YOUR INSTRUCTIONS –
Please repeat the records below exactly, skipping any pictures.

(Dataset entries)
Content starts

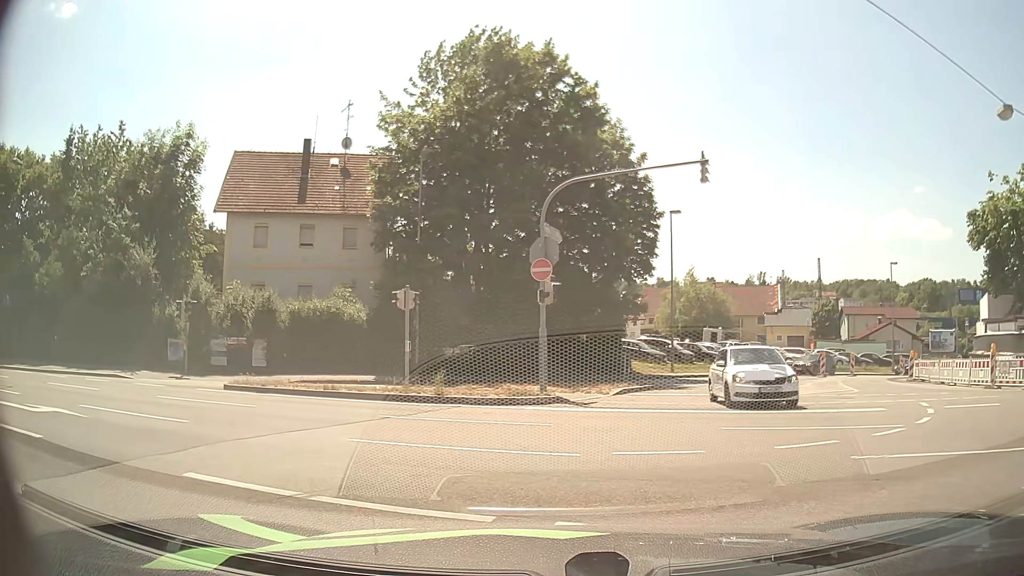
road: unclassified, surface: asphalt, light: Day
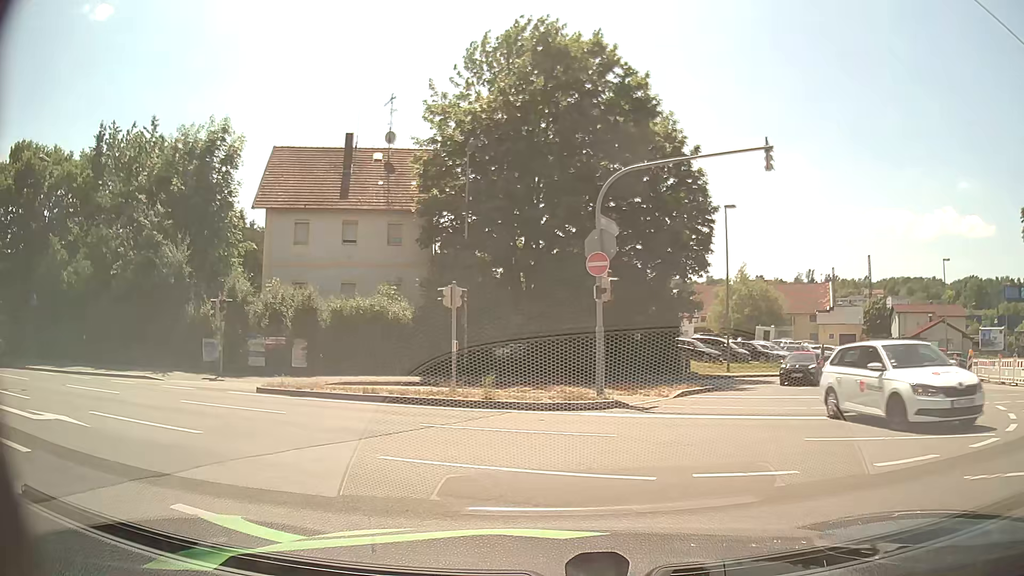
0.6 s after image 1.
(0.0, +1.3) m; -4°
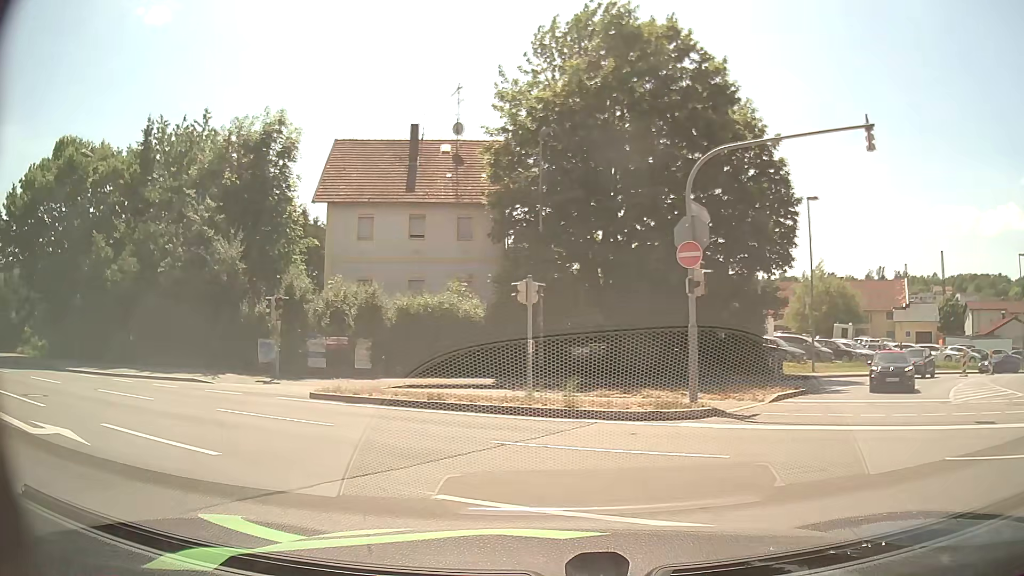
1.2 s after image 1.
(-0.1, +1.9) m; -6°
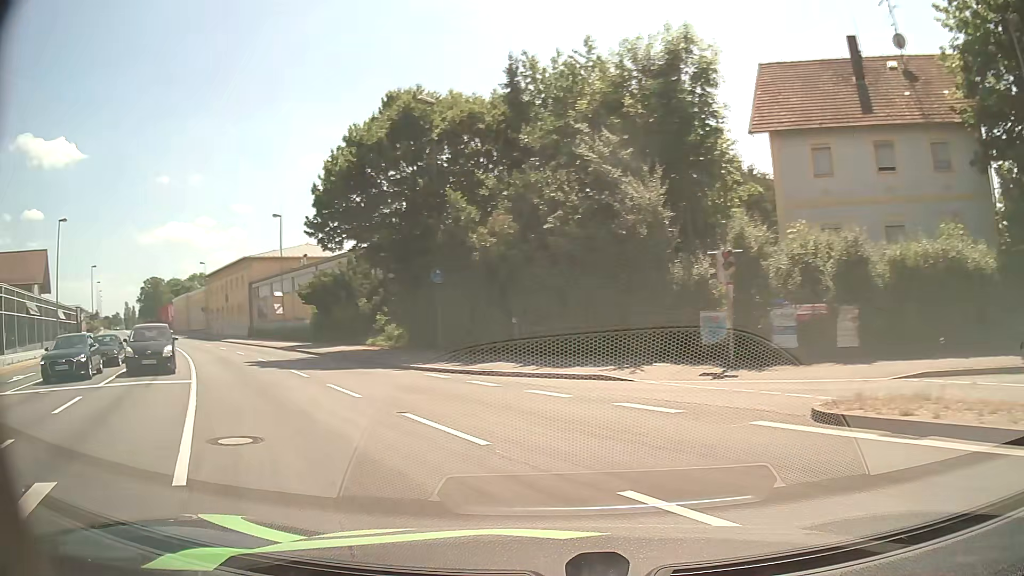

Content ends

REPLY –
road: unclassified, surface: asphalt, light: Day
0.6 s after image 1.
(0.0, +1.3) m; -4°
1.2 s after image 1.
(-0.1, +1.9) m; -6°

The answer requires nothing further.